Его хорошенечко прокляли, вот Тебе — все!..

При мне колдун плюнул ему в лицо 613 раз, я считала.

Потом — неловко сказать — помочился на него, посыпал порошком из пепла кастрированного кота — и ушел.

Да, чуть не забыла сказать: уходя, он обнял меня за плечо и тихо предупредил:

Теперь берегись ты!

Я тогда не задумалась, было не до того.

Но скоро я, скоро же я поняла, о чем говорил колдун…

Вот-вот: только он, только пошел на поправку, я еще на „Пежо“ долги возвращаю — а он ко мне в дом привел… женщину!..

То есть, в мой дом, негодяй…

Негодяй, ко мне в дом…

Горько плачет.



На фирме — на фирме по связям такого не поняли, даже сказали: ну, чмо!

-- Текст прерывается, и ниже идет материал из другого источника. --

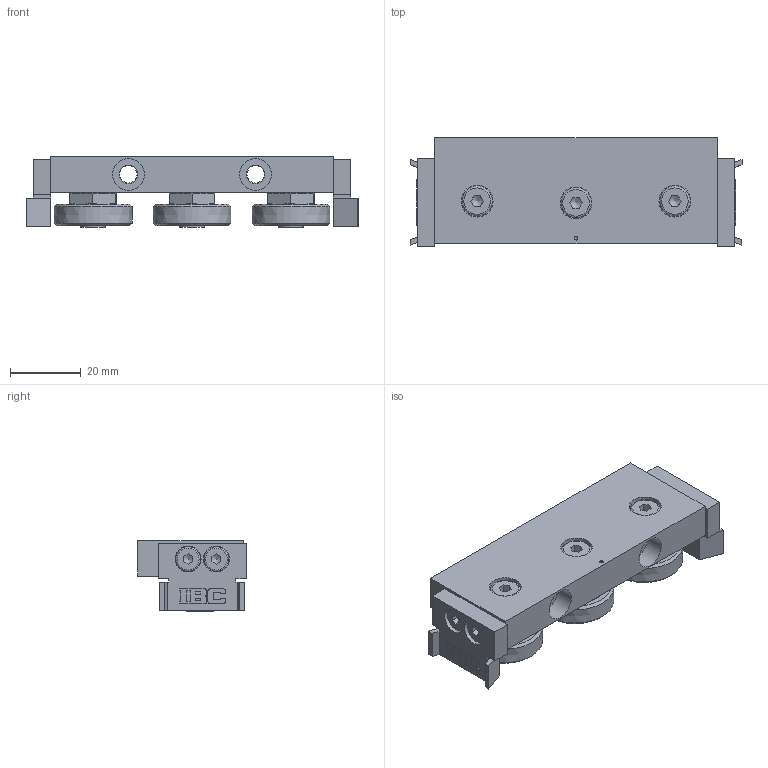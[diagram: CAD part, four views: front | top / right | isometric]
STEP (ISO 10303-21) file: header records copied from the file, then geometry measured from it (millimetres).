
FILE_DESCRIPTION((''),'2;1');
FILE_NAME('CR 28H-12.2RS.AU.stp','2016-05-20T08:34:10',('USpaeth'),(''),'Autodesk Inventor 2012','Autodesk Inventor 2012','');
FILE_SCHEMA(('AUTOMOTIVE_DESIGN { 1 0 10303 214 1 1 1 1 }'));
Length unit declared in the file: millimetre
Products named in the file (14): CR 28H-12.2RS.AU; LL.CR 28H-12; CBRE 23-28H.2RS-neu; 28H Lager-neu; AR--CBRY 23-28H-neu; IR--CBRY 23-28H-neu; Deckel--CBRY 23-28H-neu; Käfig J--CBRY 23-28H; K_3,9688_K; SRE 7-28H.L; CBRS 23-28H.2RS-neu; ABS U28H; DIN 7984 M5 x 10; DIN 7984 M4 x 6
Assembly tree (25 placements, depth 4):
  CR 28H-12.2RS.AU
    LL.CR 28H-12
    CBRE 23-28H.2RS-neu  x2
      28H Lager-neu
        AR--CBRY 23-28H-neu
        IR--CBRY 23-28H-neu
        Deckel--CBRY 23-28H-neu  x2
        Käfig J--CBRY 23-28H  x2
        K_3,9688_K  x2
      SRE 7-28H.L
    CBRS 23-28H.2RS-neu
      SRE 7-28H.L
      28H Lager-neu
        AR--CBRY 23-28H-neu
        IR--CBRY 23-28H-neu
        Deckel--CBRY 23-28H-neu  x2
        Käfig J--CBRY 23-28H  x2
        K_3,9688_K  x2
    ABS U28H  x2
    DIN 7984 M5 x 10  x3
    DIN 7984 M4 x 6  x4
Bounding box: 94 x 30.8 x 19.98 mm (x, y, z)
Volume: 31412.6 mm3; surface area: 26607.8 mm2
Topology: 37 solids, 37 shells, 998 faces, 2617 edges, 1722 vertices
Faces by surface type: plane 391, torus 242, cylinder 200, sphere 102, cone 54, bspline 9
Full cylindrical faces by diameter (mm): 0.5 x48, 1 x1, 2 x6, 3.242 x4, 4 x4, 4.459 x3, 4.917 x2, 5 x7, 5.2 x2, 5.5 x3, 6.98 x3, 7 x7, 7.3 x4, 8.5 x3, 9 x5, 10 x6, 11.6 x6, 11.65 x6, 12.05 x6, 12.5 x6, 15.5 x6, 16.2 x6, 17.5 x12
Entity records: 10308 total; most frequent: CARTESIAN_POINT 2922, DIRECTION 1473, ORIENTED_EDGE 1312, EDGE_CURVE 656, AXIS2_PLACEMENT_3D 612, VERTEX_POINT 480, EDGE_LOOP 460, FACE_OUTER_BOUND 301
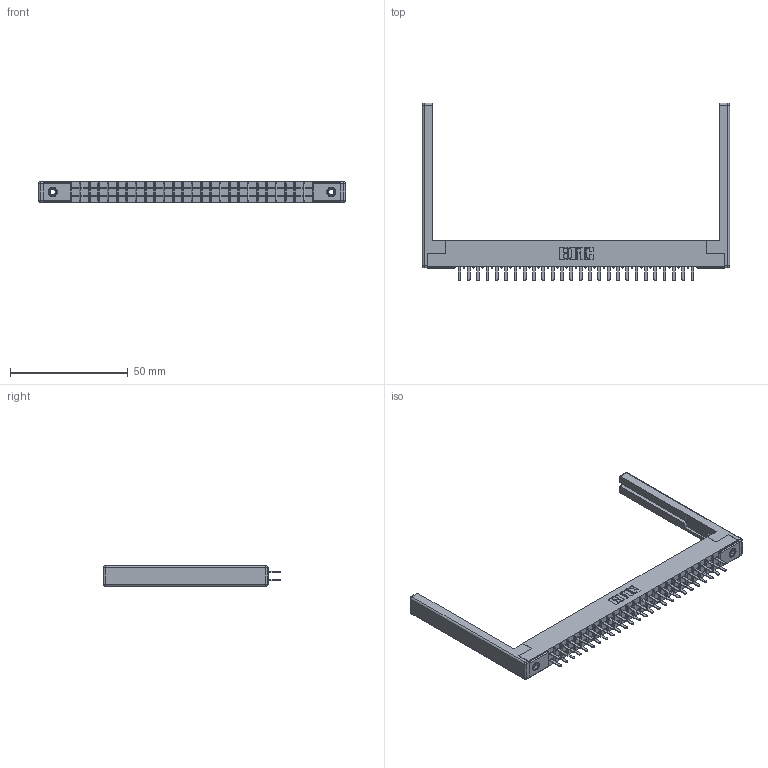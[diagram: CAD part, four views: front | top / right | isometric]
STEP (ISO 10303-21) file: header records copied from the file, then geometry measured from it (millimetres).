
FILE_DESCRIPTION (( 'STEP AP203' ), '1' );
FILE_NAME ('355-052-520-268.STEP', '2019-09-11T16:19:54', ( '' ), ( '' ), 'SwSTEP 2.0', 'SolidWorks 2016', '' );
FILE_SCHEMA (( 'CONFIG_CONTROL_DESIGN' ));
Length unit declared in the file: inch
Products named in the file (5): 355-052-520-268; 305 Part_.156 Dia; 305-290-001_520; 345-250-001_345-250-001-102; 307-220-068
Assembly tree (57 placements, depth 2):
  355-052-520-268
    305 Part_.156 Dia
    305-290-001_520  x52
    345-250-001_345-250-001-102  x2
    307-220-068  x2
Bounding box: 130.45 x 75.39 x 8.71 mm (x, y, z)
Volume: 12740.6 mm3; surface area: 19739.9 mm2
Topology: 57 solids, 57 shells, 2662 faces, 7544 edges, 4868 vertices
Faces by surface type: plane 1560, cylinder 974, sphere 112, cone 12, torus 4
Entity records: 32738 total; most frequent: CARTESIAN_POINT 5389, ORIENTED_EDGE 5338, DIRECTION 5245, EDGE_CURVE 2669, LINE 2133, VECTOR 2133, VERTEX_POINT 1700, AXIS2_PLACEMENT_3D 1556
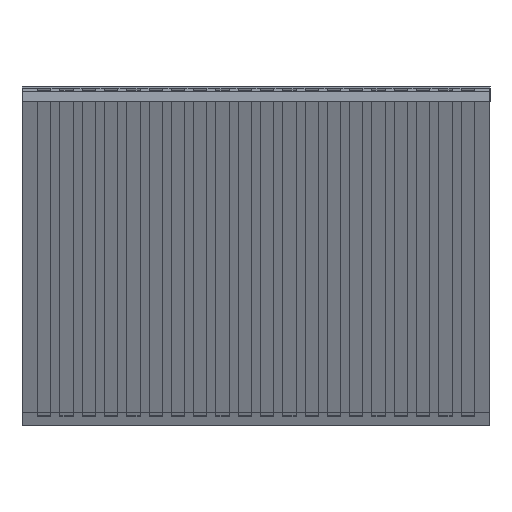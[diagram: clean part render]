
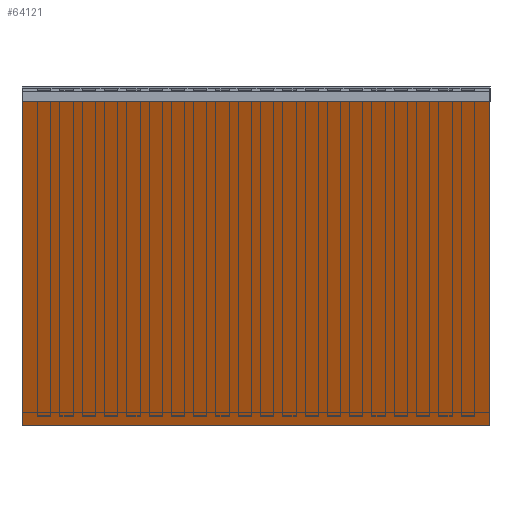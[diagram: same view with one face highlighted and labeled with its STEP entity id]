
A CAD part, left-side view. The second image highlights one B-rep face of the part: STEP entity #64121.
In plain terms, the highlighted planar face has unit normal (-0.915, 0, -0.403).
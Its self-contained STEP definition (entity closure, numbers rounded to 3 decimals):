
#927=ORIENTED_EDGE('',*,*,#14573,.T.);
#928=ORIENTED_EDGE('',*,*,#15053,.F.);
#929=ORIENTED_EDGE('',*,*,#14757,.F.);
#930=ORIENTED_EDGE('',*,*,#15055,.T.);
#14573=EDGE_CURVE('',#21686,#21685,#26397,.T.);
#14757=EDGE_CURVE('',#21867,#21868,#26581,.T.);
#15053=EDGE_CURVE('',#21868,#21685,#26877,.T.);
#15055=EDGE_CURVE('',#21867,#21686,#26879,.T.);
#21685=VERTEX_POINT('',#81075);
#21686=VERTEX_POINT('',#81077);
#21867=VERTEX_POINT('',#81443);
#21868=VERTEX_POINT('',#81445);
#26397=LINE('',#81076,#33509);
#26581=LINE('',#81444,#33693);
#26877=LINE('',#82014,#33989);
#26879=LINE('',#82019,#33991);
#33509=VECTOR('',#69058,1000.);
#33693=VECTOR('',#69246,1000.);
#33989=VECTOR('',#69644,1000.);
#33991=VECTOR('',#69652,1000.);
#40498=EDGE_LOOP('',(#927,#928,#929,#930));
#42860=FACE_BOUND('',#40498,.T.);
#45222=PLANE('',#66490);
#64121=ADVANCED_FACE('',(#42860),#45222,.F.);
#66490=AXIS2_PLACEMENT_3D('',#82018,#69650,#69651);
#69058=DIRECTION('',(-0.403,0.,0.915));
#69246=DIRECTION('',(-0.403,0.,0.915));
#69644=DIRECTION('',(0.,-1.,0.));
#69650=DIRECTION('',(0.915,0.,0.403));
#69651=DIRECTION('',(0.403,0.,-0.915));
#69652=DIRECTION('',(0.,-1.,0.));
#81075=CARTESIAN_POINT('',(35.04,0.,-0.167));
#81076=CARTESIAN_POINT('',(35.04,0.,-0.167));
#81077=CARTESIAN_POINT('',(38.3,0.,-7.575));
#81443=CARTESIAN_POINT('',(38.3,10.5,-7.575));
#81444=CARTESIAN_POINT('',(35.04,10.5,-0.167));
#81445=CARTESIAN_POINT('',(35.04,10.5,-0.167));
#82014=CARTESIAN_POINT('',(35.04,10.5,-0.167));
#82018=CARTESIAN_POINT('',(35.04,10.5,-0.167));
#82019=CARTESIAN_POINT('',(38.3,10.5,-7.575));
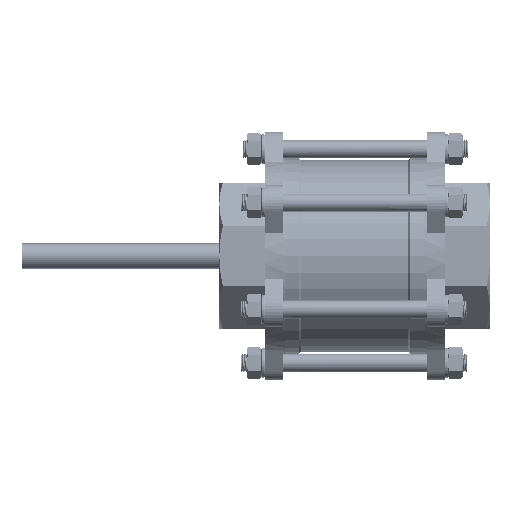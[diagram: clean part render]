
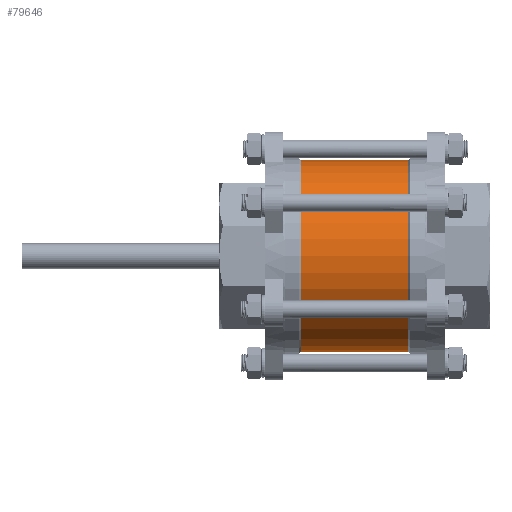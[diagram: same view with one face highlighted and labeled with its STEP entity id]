
A CAD part, front view. The second image highlights one B-rep face of the part: STEP entity #79646.
In plain terms, the highlighted cylindrical face has radius 84.75 mm (diameter 169.5 mm), a partial arc.
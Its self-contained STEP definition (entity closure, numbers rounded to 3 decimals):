
#54 = FACE_OUTER_BOUND ( 'NONE', #81758, .T. ) ;
#165 = VECTOR ( 'NONE', #16862, 1000. ) ;
#1755 = CARTESIAN_POINT ( 'NONE',  ( 47.25, 0., -84.75 ) ) ;
#5550 = CARTESIAN_POINT ( 'NONE',  ( -47.25, 0., 0. ) ) ;
#7303 = CARTESIAN_POINT ( 'NONE',  ( 47.25, 0., 0. ) ) ;
#7456 = VERTEX_POINT ( 'NONE', #76938 ) ;
#11600 = AXIS2_PLACEMENT_3D ( 'NONE', #71956, #52760, #21120 ) ;
#11875 = DIRECTION ( 'NONE',  ( 0., 0., 1. ) ) ;
#13635 = DIRECTION ( 'NONE',  ( 0., 0., 1. ) ) ;
#16862 = DIRECTION ( 'NONE',  ( -1., 0., 0. ) ) ;
#17436 = EDGE_CURVE ( 'NONE', #7456, #59474, #50736, .T. ) ;
#18986 = CIRCLE ( 'NONE', #55142, 84.75 ) ;
#19656 = ORIENTED_EDGE ( 'NONE', *, *, #77688, .F. ) ;
#21120 = DIRECTION ( 'NONE',  ( 0., 0., 1. ) ) ;
#21552 = ORIENTED_EDGE ( 'NONE', *, *, #56743, .F. ) ;
#22490 = ORIENTED_EDGE ( 'NONE', *, *, #41569, .T. ) ;
#23004 = VERTEX_POINT ( 'NONE', #70630 ) ;
#28785 = VERTEX_POINT ( 'NONE', #1755 ) ;
#31767 = CYLINDRICAL_SURFACE ( 'NONE', #11600, 84.75 ) ;
#41569 = EDGE_CURVE ( 'NONE', #28785, #7456, #61741, .T. ) ;
#44171 = CARTESIAN_POINT ( 'NONE',  ( -47.25, 0., 84.75 ) ) ;
#45686 = AXIS2_PLACEMENT_3D ( 'NONE', #7303, #51671, #13635 ) ;
#49907 = DIRECTION ( 'NONE',  ( -1., 0., 0. ) ) ;
#50736 = LINE ( 'NONE', #61279, #165 ) ;
#51671 = DIRECTION ( 'NONE',  ( -1., 0., 0. ) ) ;
#52760 = DIRECTION ( 'NONE',  ( -1., 0., 0. ) ) ;
#52939 = ORIENTED_EDGE ( 'NONE', *, *, #17436, .T. ) ;
#53599 = DIRECTION ( 'NONE',  ( -1., 0., 0. ) ) ;
#55142 = AXIS2_PLACEMENT_3D ( 'NONE', #5550, #49907, #11875 ) ;
#56743 = EDGE_CURVE ( 'NONE', #28785, #23004, #74708, .T. ) ;
#57758 = VECTOR ( 'NONE', #53599, 1000. ) ;
#59474 = VERTEX_POINT ( 'NONE', #44171 ) ;
#61279 = CARTESIAN_POINT ( 'NONE',  ( -78.532, 0., 84.75 ) ) ;
#61741 = CIRCLE ( 'NONE', #45686, 84.75 ) ;
#70630 = CARTESIAN_POINT ( 'NONE',  ( -47.25, 0., -84.75 ) ) ;
#71956 = CARTESIAN_POINT ( 'NONE',  ( -78.532, 0., 0. ) ) ;
#74708 = LINE ( 'NONE', #78952, #57758 ) ;
#76938 = CARTESIAN_POINT ( 'NONE',  ( 47.25, 0., 84.75 ) ) ;
#77688 = EDGE_CURVE ( 'NONE', #23004, #59474, #18986, .T. ) ;
#78952 = CARTESIAN_POINT ( 'NONE',  ( -78.532, 0., -84.75 ) ) ;
#79646 = ADVANCED_FACE ( 'NONE', ( #54 ), #31767, .T. ) ;
#81758 = EDGE_LOOP ( 'NONE', ( #21552, #22490, #52939, #19656 ) ) ;
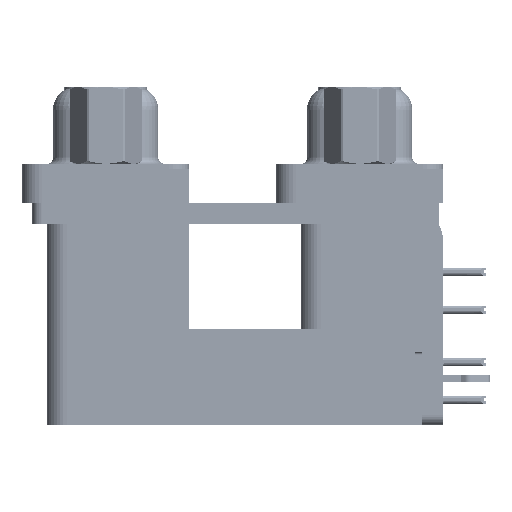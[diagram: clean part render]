
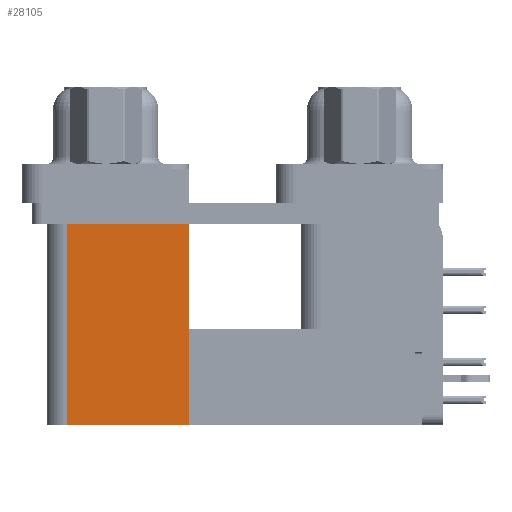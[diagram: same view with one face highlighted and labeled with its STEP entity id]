
A CAD part, left-side view. The second image highlights one B-rep face of the part: STEP entity #28105.
In plain terms, the highlighted planar face has unit normal (-1, 0, 0).
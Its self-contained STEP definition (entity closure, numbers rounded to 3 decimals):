
#438 = DIRECTION ( 'NONE',  ( 1., 0., 0. ) ) ;
#2332 = ORIENTED_EDGE ( 'NONE', *, *, #6748, .T. ) ;
#5415 = DIRECTION ( 'NONE',  ( 0., 1., 0. ) ) ;
#5502 = CARTESIAN_POINT ( 'NONE',  ( 3.7, 12.775, -2.5 ) ) ;
#6748 = EDGE_CURVE ( 'NONE', #16168, #53690, #29656, .T. ) ;
#10773 = VECTOR ( 'NONE', #47894, 1000. ) ;
#11303 = ORIENTED_EDGE ( 'NONE', *, *, #18650, .F. ) ;
#13072 = LINE ( 'NONE', #17505, #53884 ) ;
#15620 = LINE ( 'NONE', #57097, #25887 ) ;
#16168 = VERTEX_POINT ( 'NONE', #5502 ) ;
#16396 = FACE_OUTER_BOUND ( 'NONE', #46198, .T. ) ;
#17505 = CARTESIAN_POINT ( 'NONE',  ( 3.7, 21.975, -19.2 ) ) ;
#18650 = EDGE_CURVE ( 'NONE', #39567, #53690, #13072, .T. ) ;
#20676 = EDGE_CURVE ( 'NONE', #54795, #39567, #15620, .T. ) ;
#21834 = DIRECTION ( 'NONE',  ( 0., 1., 0. ) ) ;
#25887 = VECTOR ( 'NONE', #5415, 1000. ) ;
#27745 = DIRECTION ( 'NONE',  ( 0., 0., 1. ) ) ;
#27962 = CARTESIAN_POINT ( 'NONE',  ( 3.7, 12.775, -19.2 ) ) ;
#28105 = ADVANCED_FACE ( 'NONE', ( #16396 ), #33049, .F. ) ;
#28482 = CARTESIAN_POINT ( 'NONE',  ( 3.7, 12.775, -19.2 ) ) ;
#28657 = CARTESIAN_POINT ( 'NONE',  ( 3.7, 12.775, -2.5 ) ) ;
#29656 = LINE ( 'NONE', #28657, #56544 ) ;
#33049 = PLANE ( 'NONE',  #39445 ) ;
#33237 = ORIENTED_EDGE ( 'NONE', *, *, #20676, .F. ) ;
#33544 = ORIENTED_EDGE ( 'NONE', *, *, #63644, .T. ) ;
#39445 = AXIS2_PLACEMENT_3D ( 'NONE', #27962, #438, #21834 ) ;
#39567 = VERTEX_POINT ( 'NONE', #60749 ) ;
#46198 = EDGE_LOOP ( 'NONE', ( #2332, #11303, #33237, #33544 ) ) ;
#47894 = DIRECTION ( 'NONE',  ( 0., 0., 1. ) ) ;
#50383 = DIRECTION ( 'NONE',  ( 0., 1., 0. ) ) ;
#50719 = CARTESIAN_POINT ( 'NONE',  ( 3.7, 21.975, -2.5 ) ) ;
#53641 = LINE ( 'NONE', #28482, #10773 ) ;
#53690 = VERTEX_POINT ( 'NONE', #50719 ) ;
#53884 = VECTOR ( 'NONE', #27745, 1000. ) ;
#54795 = VERTEX_POINT ( 'NONE', #59183 ) ;
#56544 = VECTOR ( 'NONE', #50383, 1000. ) ;
#57097 = CARTESIAN_POINT ( 'NONE',  ( 3.7, 12.775, -19.2 ) ) ;
#59183 = CARTESIAN_POINT ( 'NONE',  ( 3.7, 12.775, -19.2 ) ) ;
#60749 = CARTESIAN_POINT ( 'NONE',  ( 3.7, 21.975, -19.2 ) ) ;
#63644 = EDGE_CURVE ( 'NONE', #54795, #16168, #53641, .T. ) ;
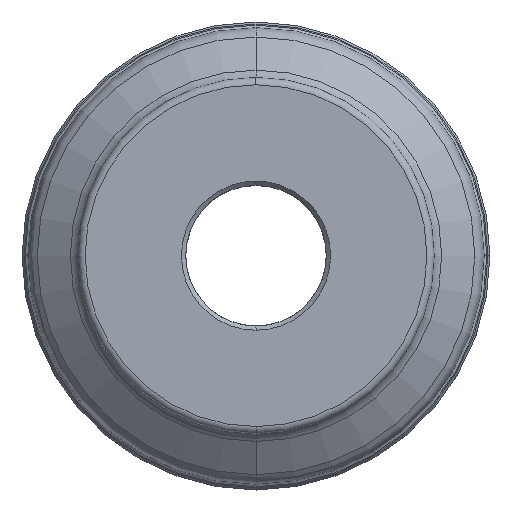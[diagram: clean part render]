
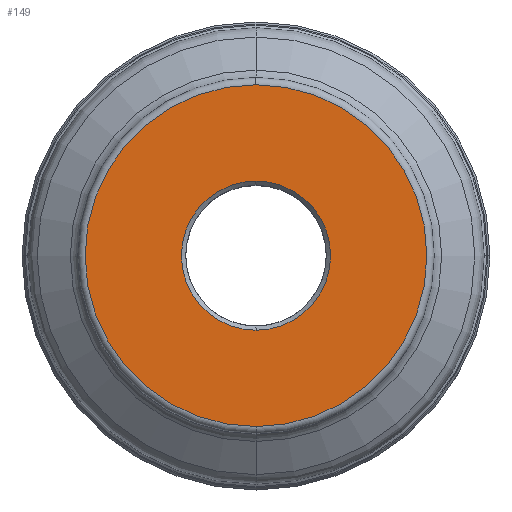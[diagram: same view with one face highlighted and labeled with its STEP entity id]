
A CAD part, top view. The second image highlights one B-rep face of the part: STEP entity #149.
In plain terms, the highlighted planar face has unit normal (0, 0, 1).
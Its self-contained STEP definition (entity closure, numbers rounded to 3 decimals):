
#60=PLANE('',#1578);
#69=FACE_BOUND('',#354,.T.);
#70=FACE_BOUND('',#355,.T.);
#149=ADVANCED_FACE('',(#69,#70),#60,.F.);
#354=EDGE_LOOP('',(#564,#565,#566,#567));
#355=EDGE_LOOP('',(#568,#569));
#564=ORIENTED_EDGE('',*,*,#976,.T.);
#565=ORIENTED_EDGE('',*,*,#974,.T.);
#566=ORIENTED_EDGE('',*,*,#973,.T.);
#567=ORIENTED_EDGE('',*,*,#977,.T.);
#568=ORIENTED_EDGE('',*,*,#978,.T.);
#569=ORIENTED_EDGE('',*,*,#979,.T.);
#834=VERTEX_POINT('',#2431);
#835=VERTEX_POINT('',#2433);
#836=VERTEX_POINT('',#2435);
#837=VERTEX_POINT('',#2439);
#838=VERTEX_POINT('',#2443);
#839=VERTEX_POINT('',#2444);
#973=EDGE_CURVE('',#835,#834,#1148,.T.);
#974=EDGE_CURVE('',#836,#835,#1149,.T.);
#976=EDGE_CURVE('',#837,#836,#1151,.T.);
#977=EDGE_CURVE('',#834,#837,#1152,.T.);
#978=EDGE_CURVE('',#838,#839,#1153,.T.);
#979=EDGE_CURVE('',#839,#838,#1154,.T.);
#1148=CIRCLE('',#1569,46.385);
#1149=CIRCLE('',#1570,46.385);
#1151=CIRCLE('',#1573,46.385);
#1152=CIRCLE('',#1574,46.385);
#1153=CIRCLE('',#1576,20.25);
#1154=CIRCLE('',#1577,20.25);
#1569=AXIS2_PLACEMENT_3D('',#2432,#1948,#1949);
#1570=AXIS2_PLACEMENT_3D('',#2434,#1950,#1951);
#1573=AXIS2_PLACEMENT_3D('',#2438,#1956,#1957);
#1574=AXIS2_PLACEMENT_3D('',#2440,#1958,#1959);
#1576=AXIS2_PLACEMENT_3D('',#2442,#1962,#1963);
#1577=AXIS2_PLACEMENT_3D('',#2445,#1964,#1965);
#1578=AXIS2_PLACEMENT_3D('',#2446,#1966,#1967);
#1948=DIRECTION('',(0.,0.,1.));
#1949=DIRECTION('',(0.,1.,0.));
#1950=DIRECTION('',(0.,0.,1.));
#1951=DIRECTION('',(0.,-1.,0.));
#1956=DIRECTION('',(0.,0.,1.));
#1957=DIRECTION('',(0.,-1.,0.));
#1958=DIRECTION('',(0.,0.,1.));
#1959=DIRECTION('',(0.,1.,0.));
#1962=DIRECTION('',(0.,0.,-1.));
#1963=DIRECTION('',(0.,-1.,0.));
#1964=DIRECTION('',(0.,0.,-1.));
#1965=DIRECTION('',(0.,1.,0.));
#1966=DIRECTION('',(0.,0.,-1.));
#1967=DIRECTION('',(0.,1.,0.));
#2431=CARTESIAN_POINT('',(0.,46.385,0.));
#2432=CARTESIAN_POINT('',(0.,0.,0.));
#2433=CARTESIAN_POINT('',(0.021,46.385,0.));
#2434=CARTESIAN_POINT('',(0.,0.,0.));
#2435=CARTESIAN_POINT('',(0.,-46.385,0.));
#2438=CARTESIAN_POINT('',(0.,0.,0.));
#2439=CARTESIAN_POINT('',(-0.021,-46.385,0.));
#2440=CARTESIAN_POINT('',(0.,0.,0.));
#2442=CARTESIAN_POINT('',(0.,0.,0.));
#2443=CARTESIAN_POINT('',(0.,-20.25,0.));
#2444=CARTESIAN_POINT('',(0.,20.25,0.));
#2445=CARTESIAN_POINT('',(0.,0.,0.));
#2446=CARTESIAN_POINT('',(0.,0.,0.));

Бывалые люди — такого не видели!..

Да, да, меня обижали, и много.

Обидно бывало, до самого сердца…

Но я никому — веришь, Господи? — я ни одному человеку плохого не пожелала.

Потому что я, Господи, я — потому что…

Но тут меня оскорбили — Ты понимаешь?

Тут меня так обидели — жить не могла…

И я его прокляла.

Я его прокляла — он опять помирает…

Спаси его, Господи, Боже, спаси!..

Я люблю его, Боже, спаси его, Боже, люблю я, спаси!..

Маргинал

У молельного камня появляется Мужчина. Без ноги, без руки, без уха, без глаза, без верхней губы. Садится, молчит. Наконец, разверстает уста. И речь у него странная…

— Смотри… я впервые пришел… Ты мне нужен сейчас…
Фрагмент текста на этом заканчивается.